INSTRUCTIONS TO FOLLOW →
Exactly the lines from the one containing "Q: Is the spacing between lines" through the end of the data, and nothing more, should be retyped; pictures stay out.
--- START ---
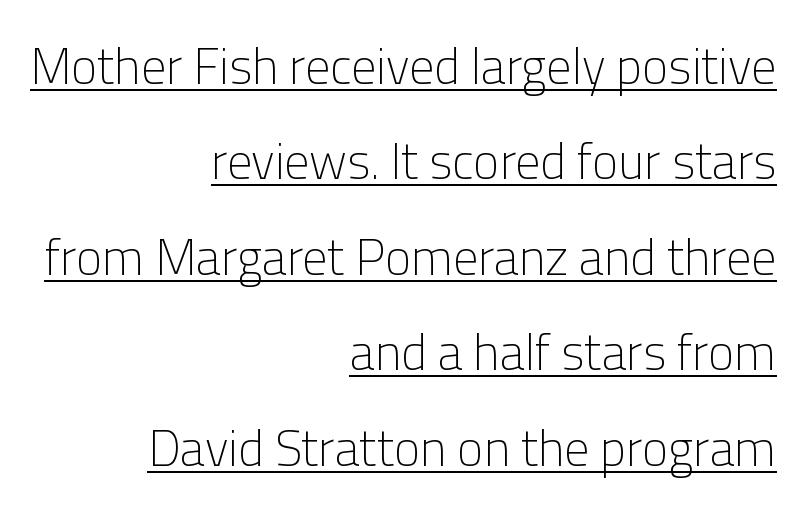
{"serif": "no", "italic": "no", "bold": "no", "weight": "light", "width": "normal", "stroke_contrast": "low", "x_height": "medium", "monospaced": "no", "underline": "yes", "align": "right", "line_spacing": "loose", "line_spacing_ratio": 1.91, "letter_spacing": "normal", "letter_spacing_em": 0.0, "glyph_px": 50}
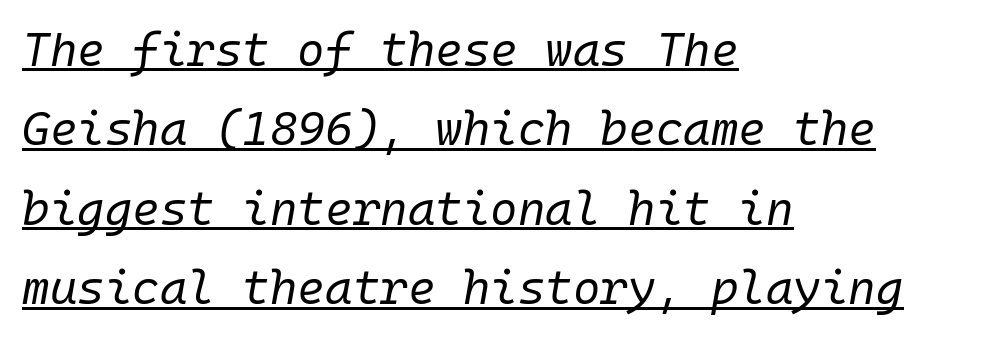
The image shows 47 px regular-weight type, italic (leaning right), monospaced; set left-aligned, normal line spacing (1.69x), normal letter spacing, underlined; low stroke contrast and a medium x-height.
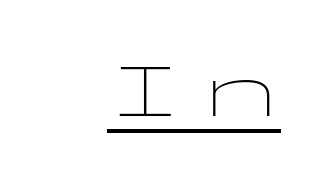
Q: Is the text bold? A: No.
Q: Is the text italic (slanted)? A: No, it is upright.
Q: Is the typeface a serif or a sans-serif typeface? A: Sans-serif.
Q: Is the text underlined? A: Yes.
Q: How is the paragraph aligned? A: Right-aligned.
Q: Is the spacing between letters normal or unusually wide? A: Unusually wide.
Q: Width (condensed, normal, or wide)? A: Wide.
Q: Stroke contrast? A: Low.
Q: x-height? A: Medium.
Q: Monospaced? A: Yes.
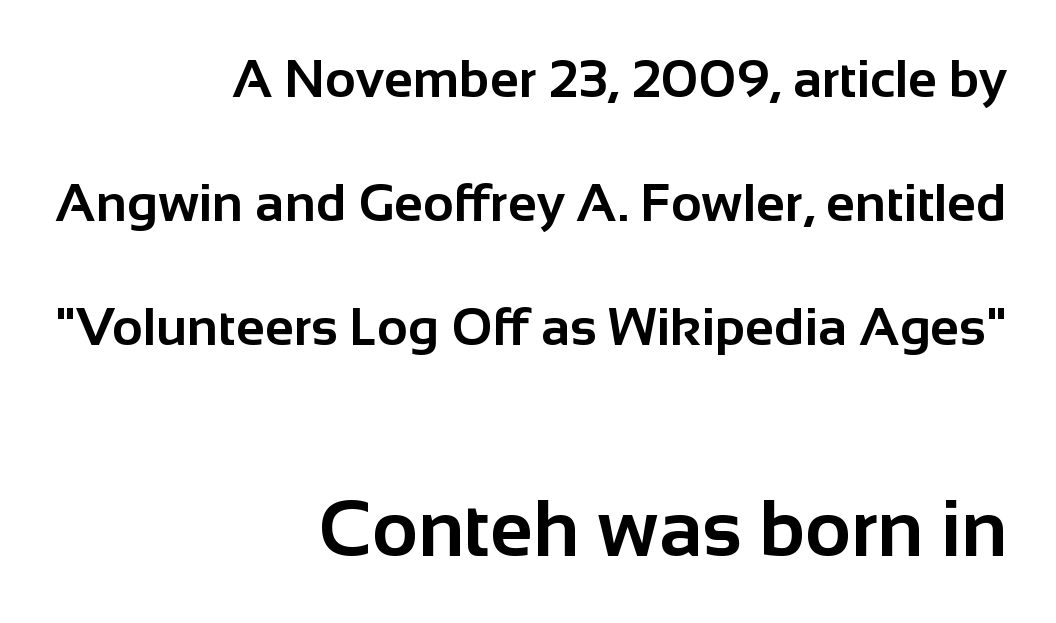
{"serif": "no", "italic": "no", "bold": "yes", "weight": "bold", "width": "normal", "stroke_contrast": "low", "x_height": "medium", "monospaced": "no", "underline": "no", "align": "right", "line_spacing": "loose", "line_spacing_ratio": 2.34, "letter_spacing": "normal", "letter_spacing_em": 0.0, "larger_block": "second", "size_ratio": 1.49, "glyph_px": 79}
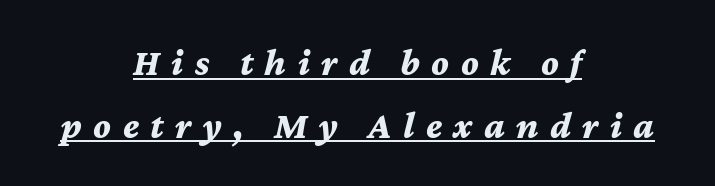
Q: Is the text bold? A: Yes.
Q: Is the text italic (slanted)? A: Yes, it leans right by about 12 degrees.
Q: Is the text underlined? A: Yes.
Q: How is the paragraph aligned? A: Centered.
Q: Is the spacing between letters normal or unusually wide? A: Unusually wide.
Q: Is the spacing between lines tight, normal or loose? A: Normal.
Q: Width (condensed, normal, or wide)? A: Normal.
Q: Stroke contrast? A: Medium.
Q: x-height? A: Medium.
Q: Monospaced? A: No.
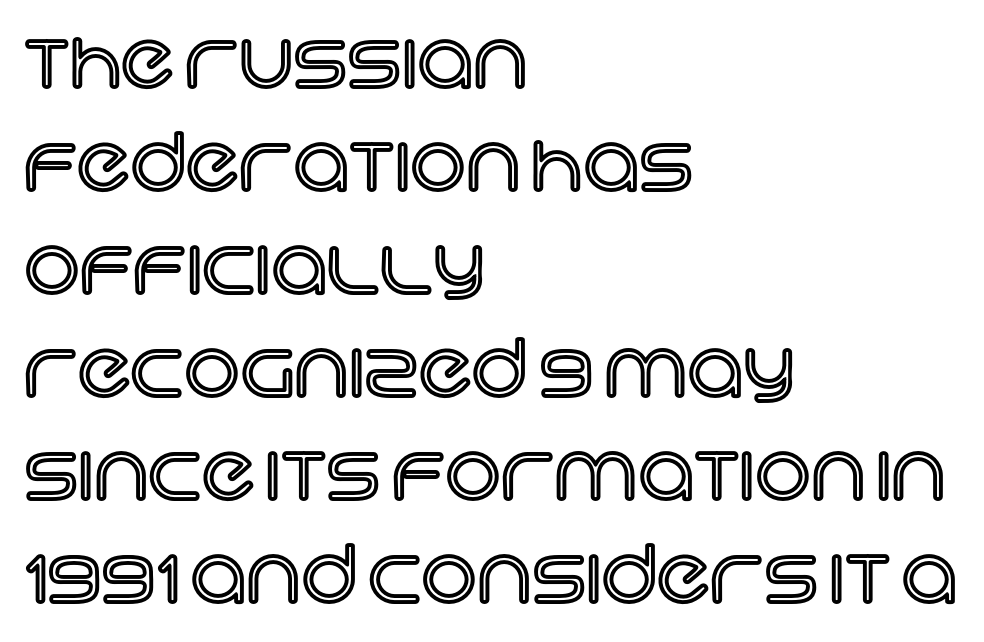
--- END ---
OUTPUT →
Q: Is the spacing between lines tight, normal or loose? A: Normal.
Q: Width (condensed, normal, or wide)? A: Normal.
Q: Stroke contrast? A: Medium.
Q: x-height? A: Medium.
Q: Monospaced? A: No.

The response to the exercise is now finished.